Restate word for word all of the lines below, with each image left out.
━━ DATASET RECORDS
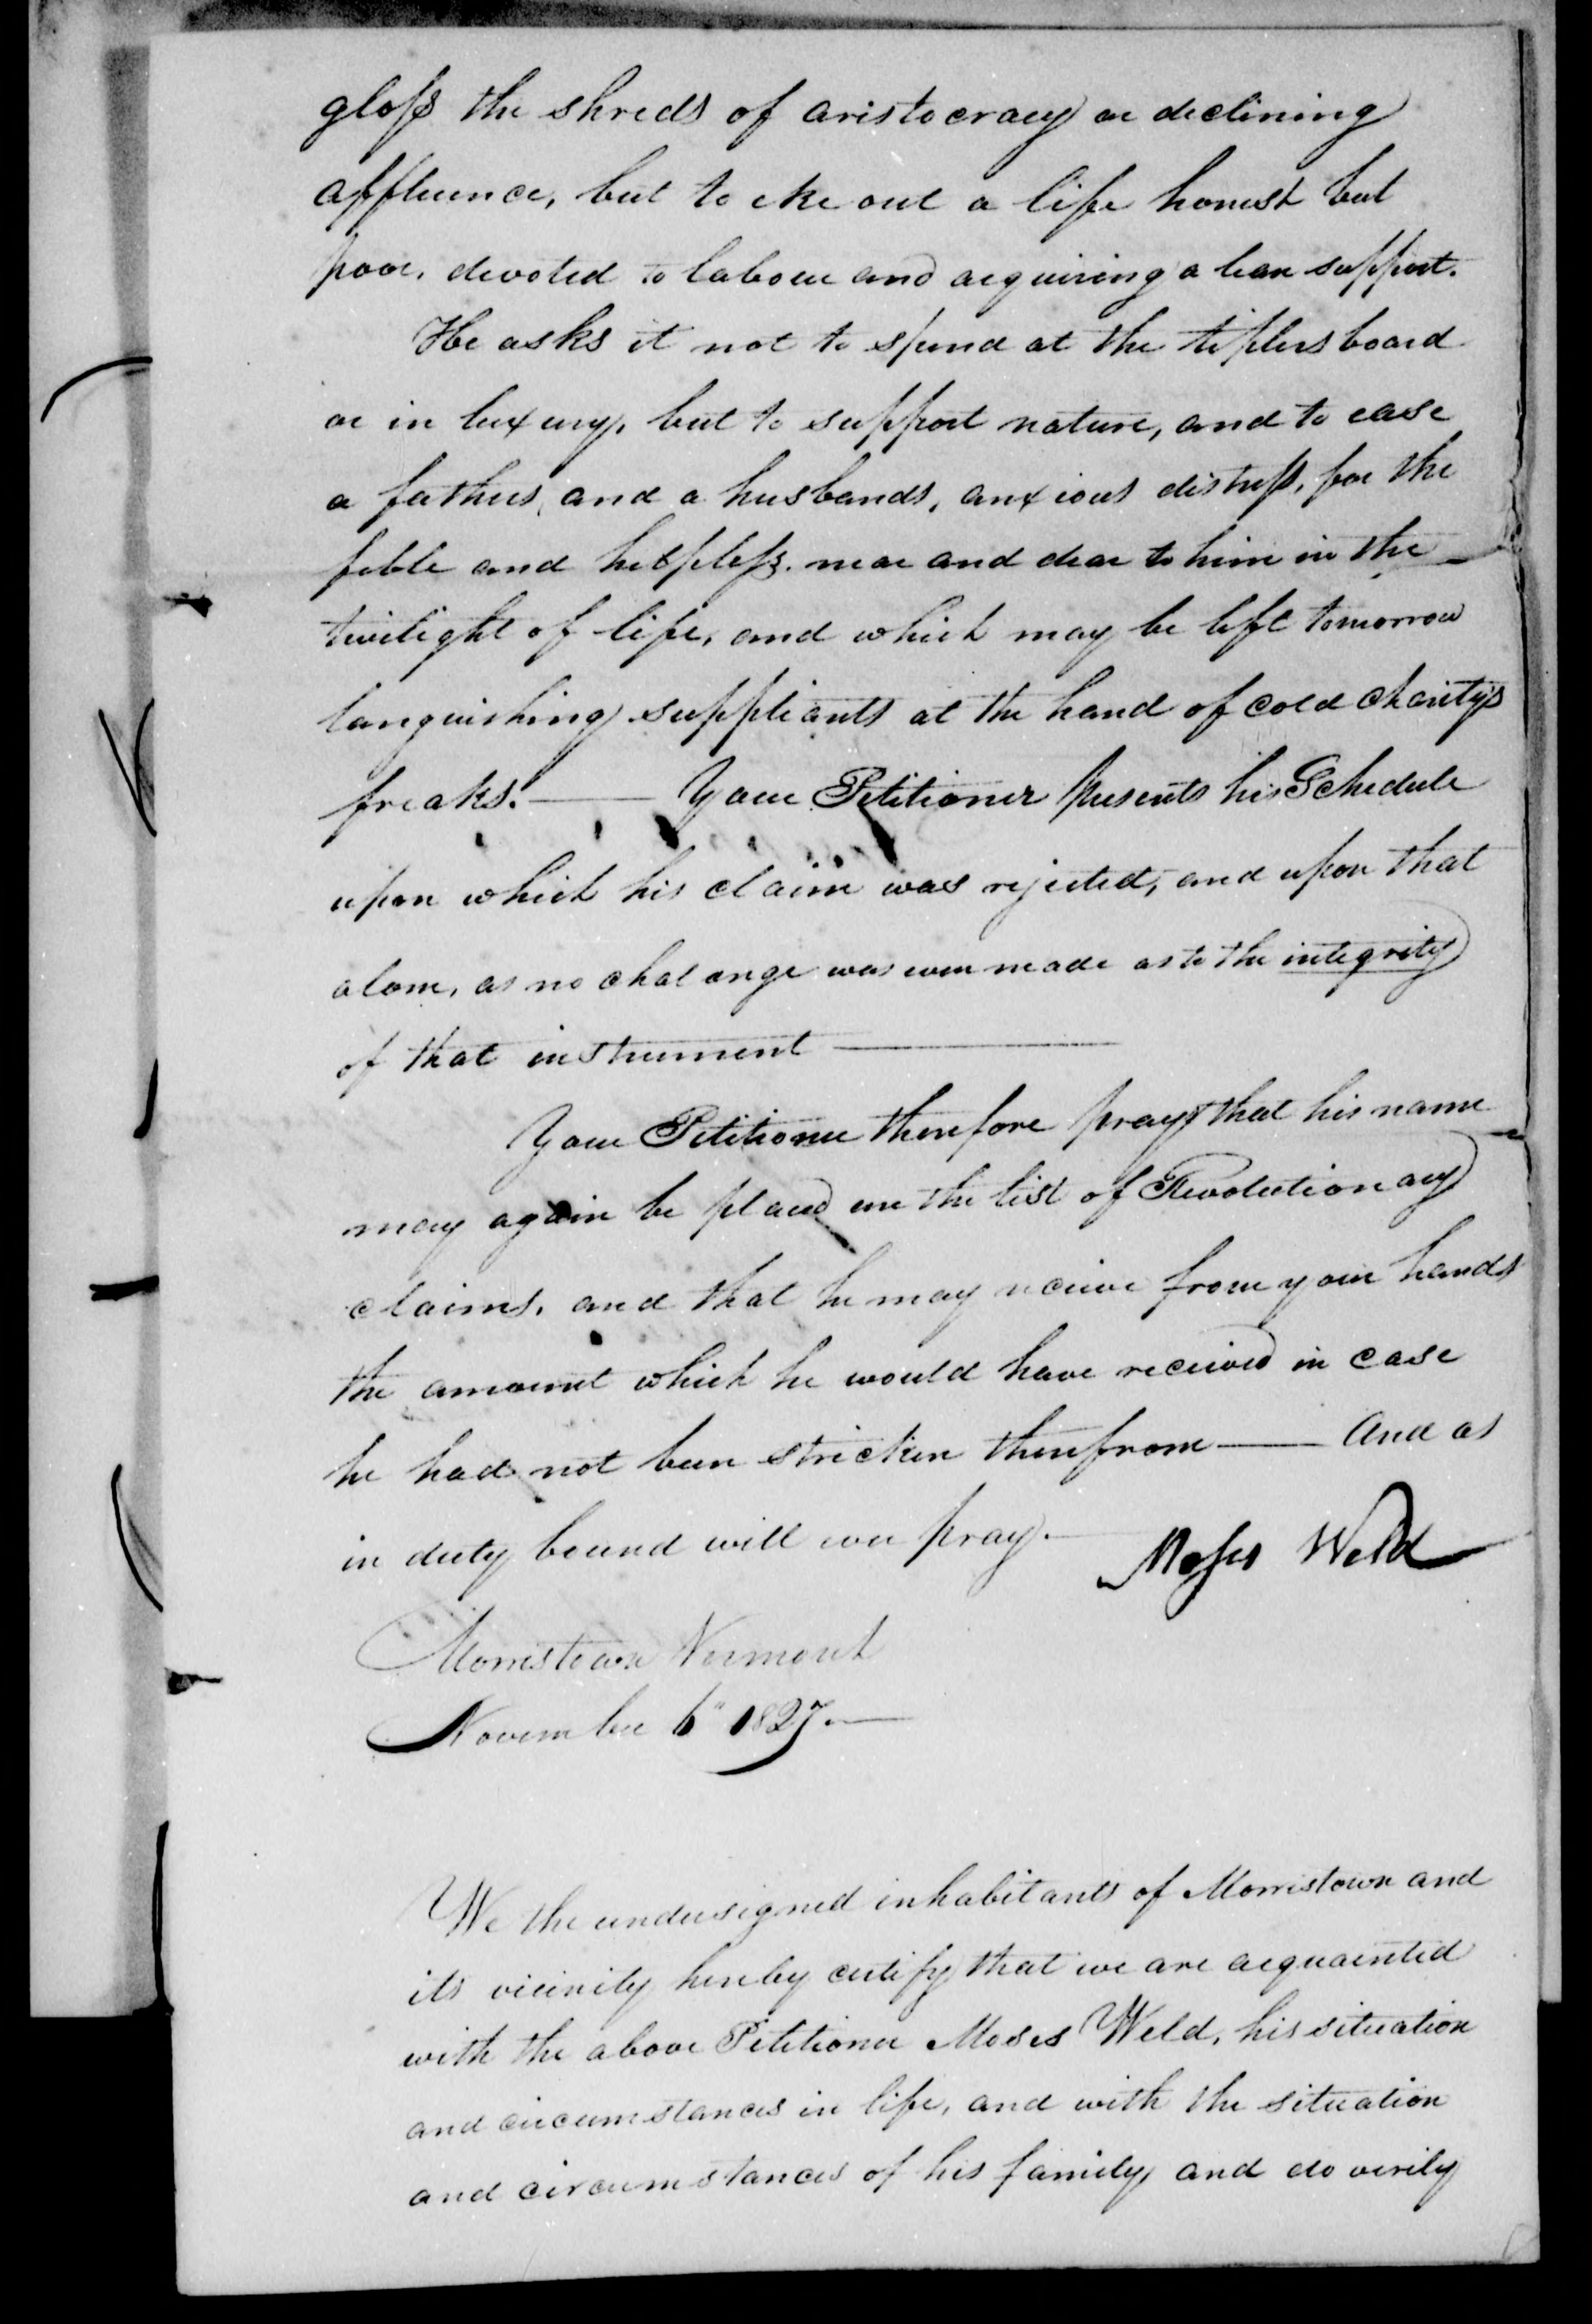gloss the shreds of Aristocracy or declining
affluence, but to eke out a life honest but
poor, devoted to labour and acquiring a lean support.
He asks it not to spend at the tiplers board
or in luxury, but to support nature, and to ease
a fathers, and a husbands, anxious distress, for the feble and helpless near and dear to him in the twilight of life, and which may be left tomorrow languishing supplicants at the hand of cold charity's freaks. -  Your Petitioner presents his Schedule upon which his claim was rejected, and upon that alone, as no chalange was ever made as to the integrity
of that instrument - 
Your Petitioner therefore pray that his name
may again be placed on the list of Revolutionary claims, and that he may receive from your hands the amount which he would have received in case
he had not been stricken therefrom - And as
in duty bound will we pray.
Moses Weld
Morristown Vermont
November [6?] 1827 -
We the undersigned inhabitants of Morristown and its vicinity hereby certify that we are acquainted with the above petitioner Moses Weld, his situation and circumstances in life, and with the situation and circumstances of his family and do verily

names: Moses Weld
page: 79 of 87
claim: widow's
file: W. 25,966, Moses Weld, Mass.
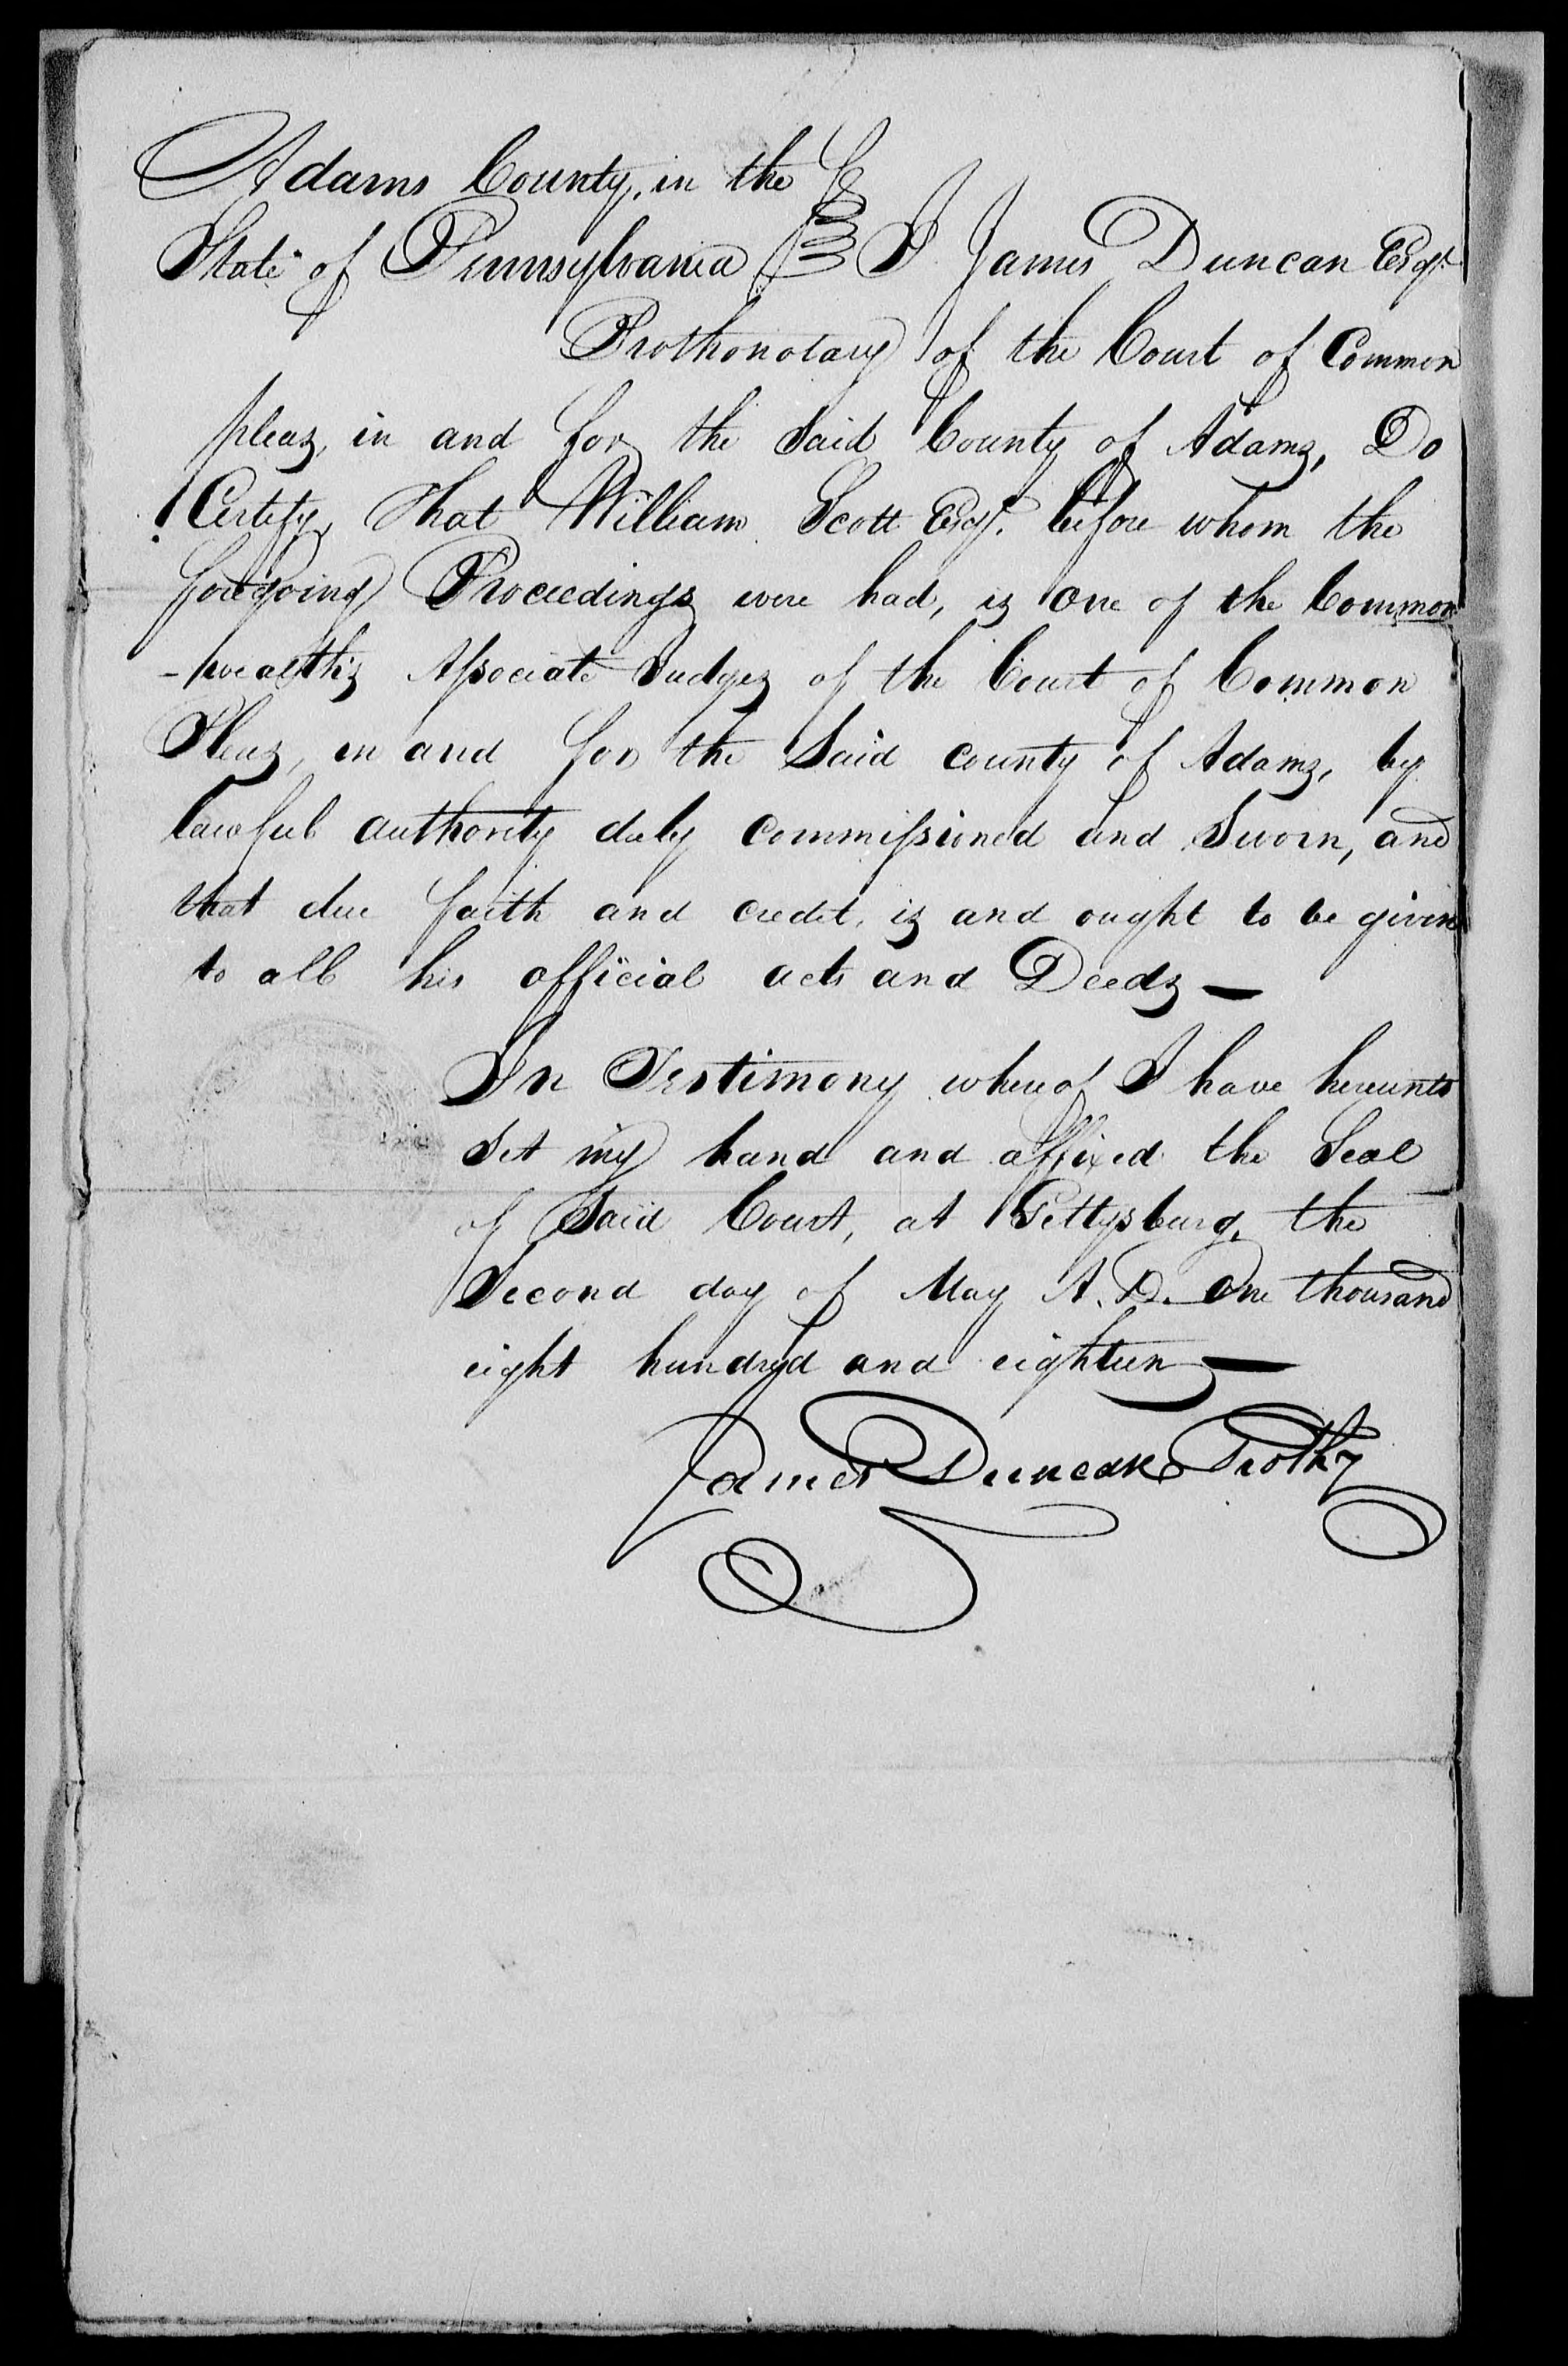Adams County, in the State of Pennsylvania 
I James Duncan Esq Prothonotary of the Court of Common Pleas in and for the said county of Adams Do Certify that William Scott Esq before whom the foregoing Proceedings were had, is one of the Commonwealths Associate Judges of the Court of Common Pleas, in and for the Said county of Adam, by lawful authority duly commissioned and Sworn, and that due faith and credit, is and ought to be given to all his official acts and Deeds - 
In Testimony whereof I have hereunto Set my hand and affixed the Seal of Said Court, at Gettysburg, the Second day of May A.D. one thousand eight hundred and eighteen - 
[signed] James Duncan Prothy
[seal affixed left side]

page: 8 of 19
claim: survivor's
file: S. 40,146, for Robert Mc Laughlin, Pennsylvania
━━━━
OUTPUT OF THE EXERCISE:
gloss the shreds of Aristocracy or declining
affluence, but to eke out a life honest but
poor, devoted to labour and acquiring a lean support.
He asks it not to spend at the tiplers board
or in luxury, but to support nature, and to ease
a fathers, and a husbands, anxious distress, for the feble and helpless near and dear to him in the twilight of life, and which may be left tomorrow languishing supplicants at the hand of cold charity's freaks. -  Your Petitioner presents his Schedule upon which his claim was rejected, and upon that alone, as no chalange was ever made as to the integrity
of that instrument - 
Your Petitioner therefore pray that his name
may again be placed on the list of Revolutionary claims, and that he may receive from your hands the amount which he would have received in case
he had not been stricken therefrom - And as
in duty bound will we pray.
Moses Weld
Morristown Vermont
November [6?] 1827 -
We the undersigned inhabitants of Morristown and its vicinity hereby certify that we are acquainted with the above petitioner Moses Weld, his situation and circumstances in life, and with the situation and circumstances of his family and do verily

names: Moses Weld
page: 79 of 87
claim: widow's
file: W. 25,966, Moses Weld, Mass.
Adams County, in the State of Pennsylvania 
I James Duncan Esq Prothonotary of the Court of Common Pleas in and for the said county of Adams Do Certify that William Scott Esq before whom the foregoing Proceedings were had, is one of the Commonwealths Associate Judges of the Court of Common Pleas, in and for the Said county of Adam, by lawful authority duly commissioned and Sworn, and that due faith and credit, is and ought to be given to all his official acts and Deeds - 
In Testimony whereof I have hereunto Set my hand and affixed the Seal of Said Court, at Gettysburg, the Second day of May A.D. one thousand eight hundred and eighteen - 
[signed] James Duncan Prothy
[seal affixed left side]

page: 8 of 19
claim: survivor's
file: S. 40,146, for Robert Mc Laughlin, Pennsylvania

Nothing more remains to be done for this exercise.